That means that training robots traditionally required generating billions of data points from scratch, along with specific instructions and commands. A task like telling a bot to throw away a piece of trash involved programmers explicitly training the robot to identify the object that is the trash, the trash can, and what actions to take to pick the object up and throw it away.
For the last few years, Google has been exploring various avenues of teaching robots to do tasks the way you would teach a human (or a dog). Last year, Google demonstrated a robot that can write its own code based on natural language instructions from humans. Another Google subsidiary called Everyday Robots tried to pair user inputs with a predicted response using a model called SayCan that pulled information from Wikipedia and social media.

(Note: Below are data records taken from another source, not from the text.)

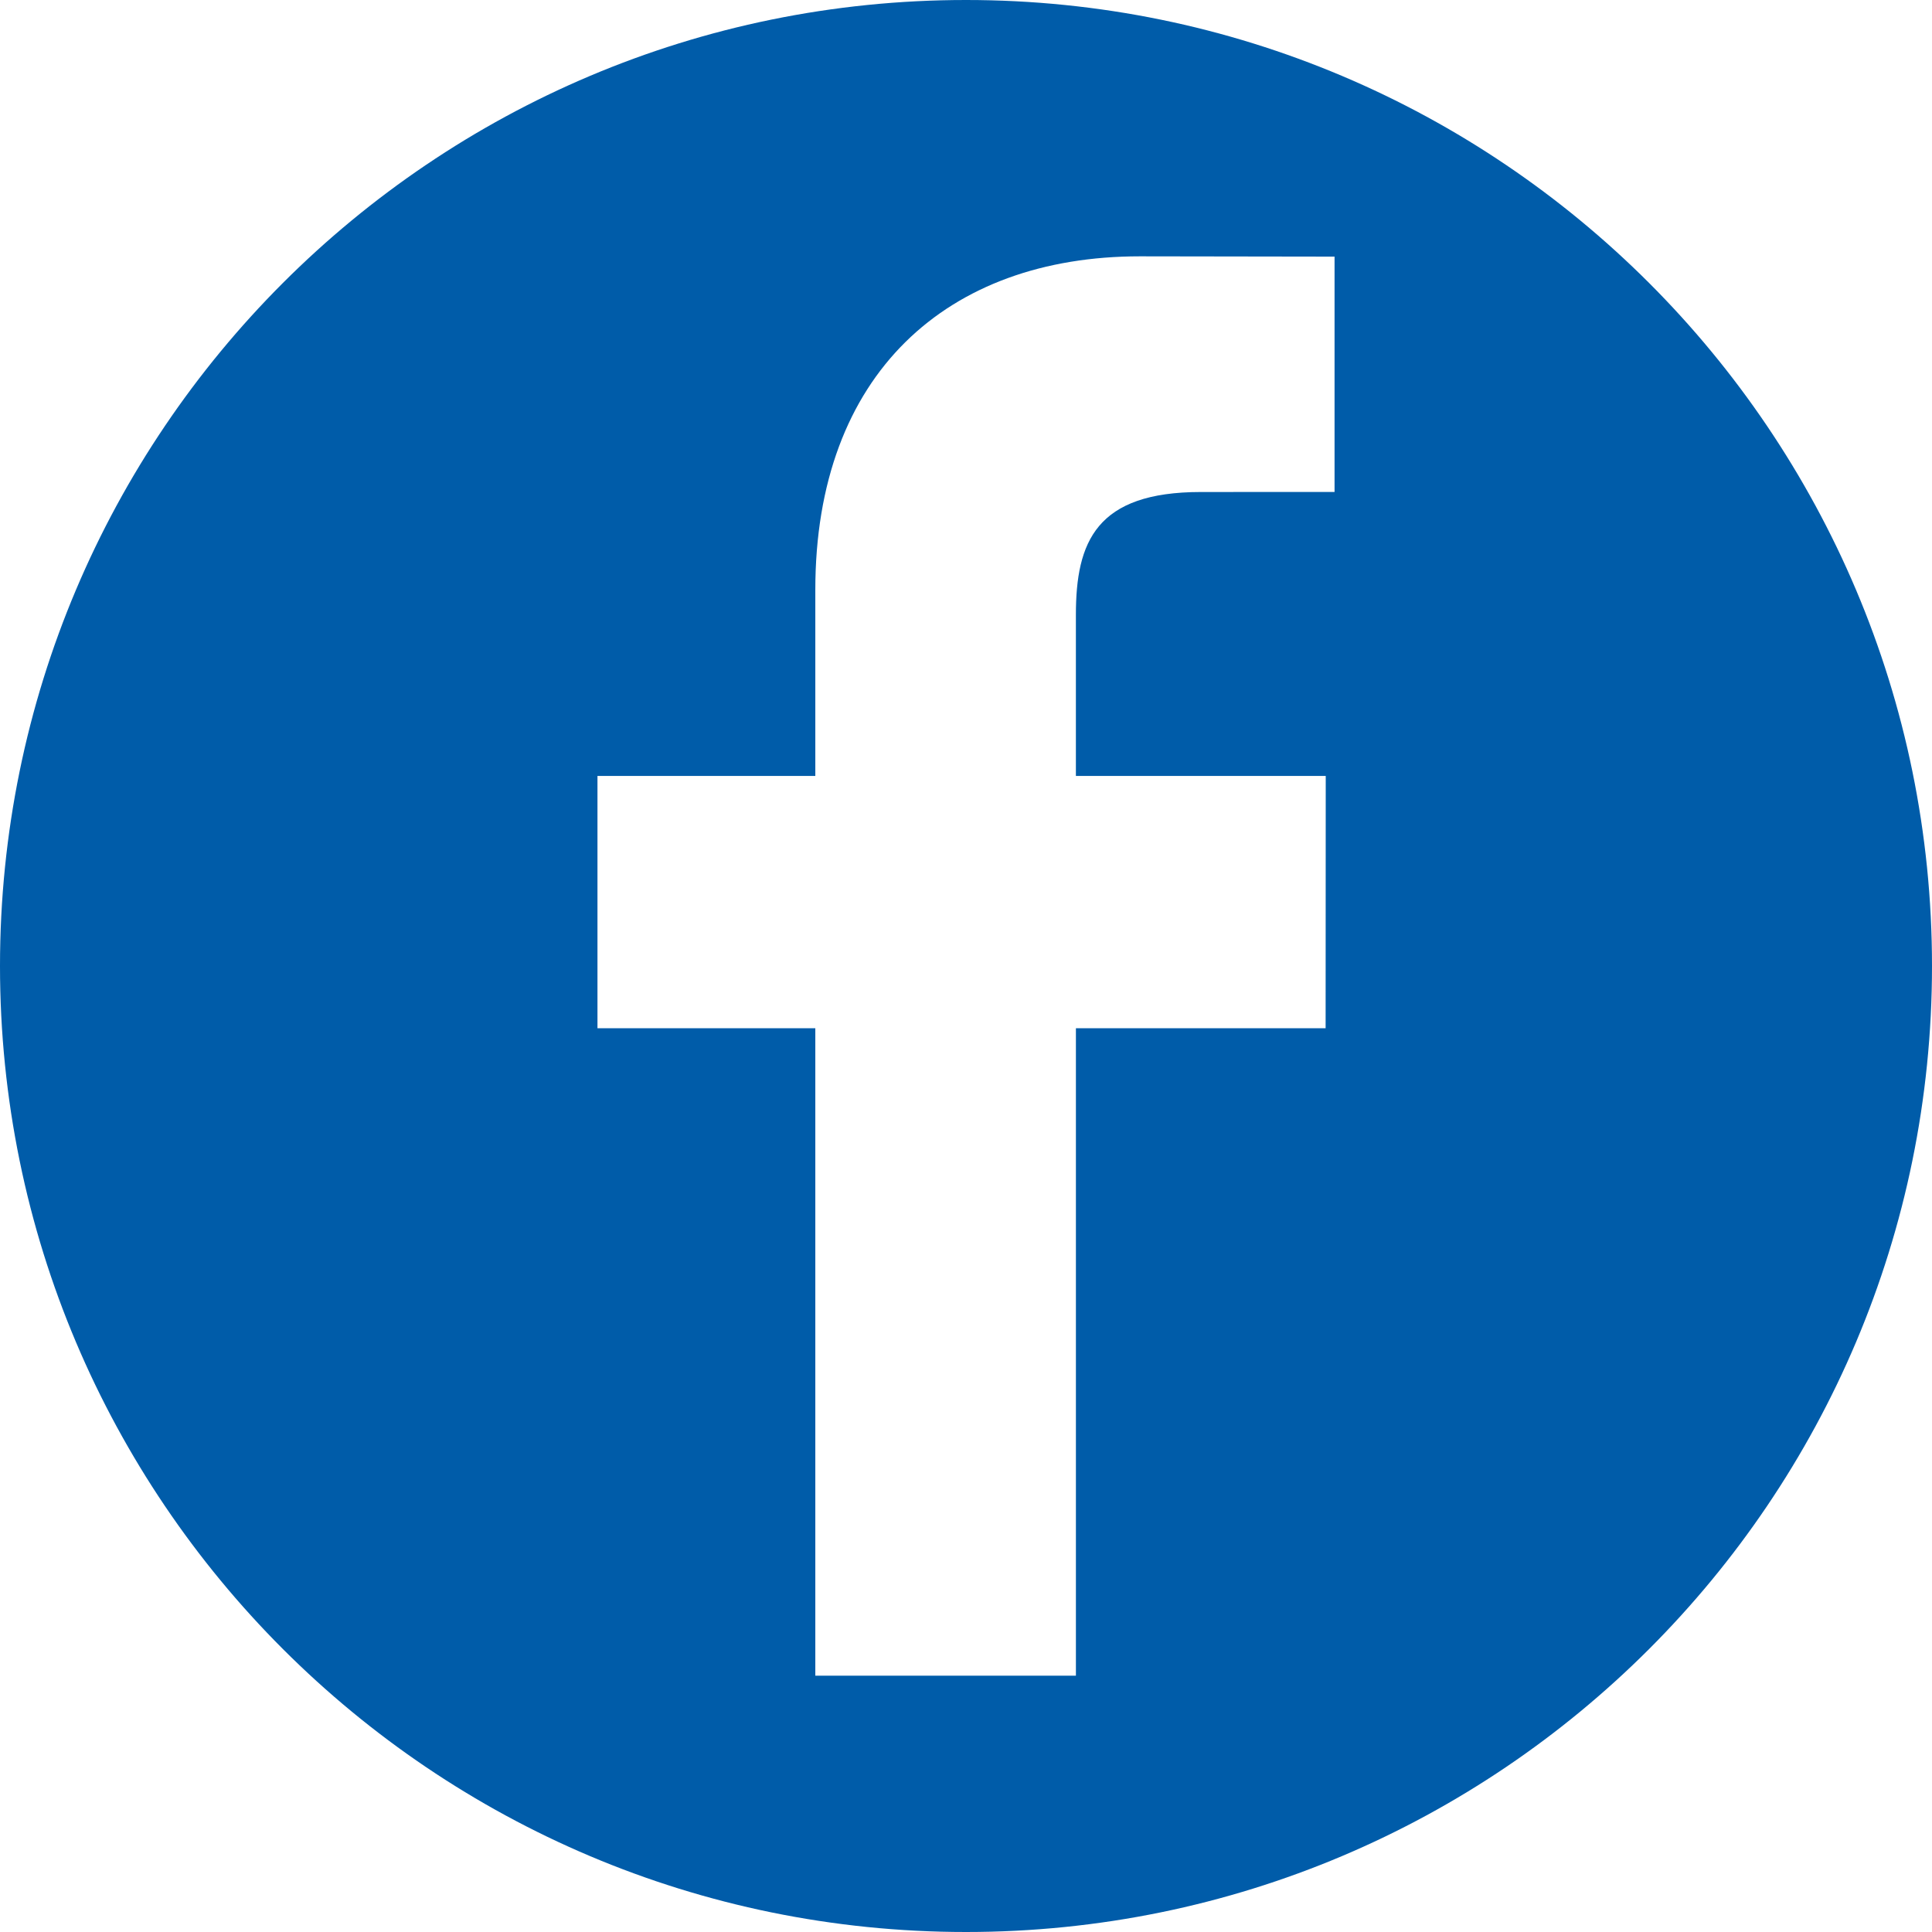 <?xml version="1.0" encoding="iso-8859-1"?>
<!DOCTYPE svg PUBLIC "-//W3C//DTD SVG 1.1//EN" "http://www.w3.org/Graphics/SVG/1.1/DTD/svg11.dtd">
<svg version="1.1" id="Capa_1" xmlns="http://www.w3.org/2000/svg" xmlns:xlink="http://www.w3.org/1999/xlink" x="0px" y="0px"
	 width="97.75px" height="97.75px" viewBox="0 0 97.75 97.75" style="enable-background:new 0 0 97.75 97.75;" xml:space="preserve"
	>
<g>
	<path fill="#005CA9" d="M48.875,0C21.882,0,0,21.882,0,48.875S21.882,97.75,48.875,97.75S97.75,75.868,97.75,48.875S75.868,0,48.875,0z
		 M67.521,24.89l-6.76,0.003c-5.301,0-6.326,2.519-6.326,6.215v8.15h12.641L67.07,52.023H54.436v32.758H41.251V52.023H30.229V39.258
		h11.022v-9.414c0-10.925,6.675-16.875,16.42-16.875l9.851,0.015V24.89L67.521,24.89z"/>
</g>
</svg>

RT-2 builds off a similar precursor model called RT-1 that allows machines to interpret new user commands through a chain of basic reasoning. Additionally, RT-2 possesses skills related to symbol understanding and human recognition—skills that Google thinks will make it adept as a general purpose robot working in a human-centric environment.
More details on what robots can and can’t do with RT-2 is available in a paper DeepMind and Google put online.
RT-2 also draws from work done through vision-language models (VLMs) that have been used to caption images, recognize objects in a frame, or answer questions about a certain picture. So, unlike SayCan, this model can actually see the world around it. But to make it so that VLMs can control robots, a component for output actions needs to be added on to it. And this is done by representing different actions the robot can perform as tokens in the model. With this, the model can not only predict what the answer to someone’s query might be, but it can also generate the action most likely associated with it.
DeepMind notes that, for example, if a person says they’re tired and wants a drink, the robot could decide to get them an energy drink.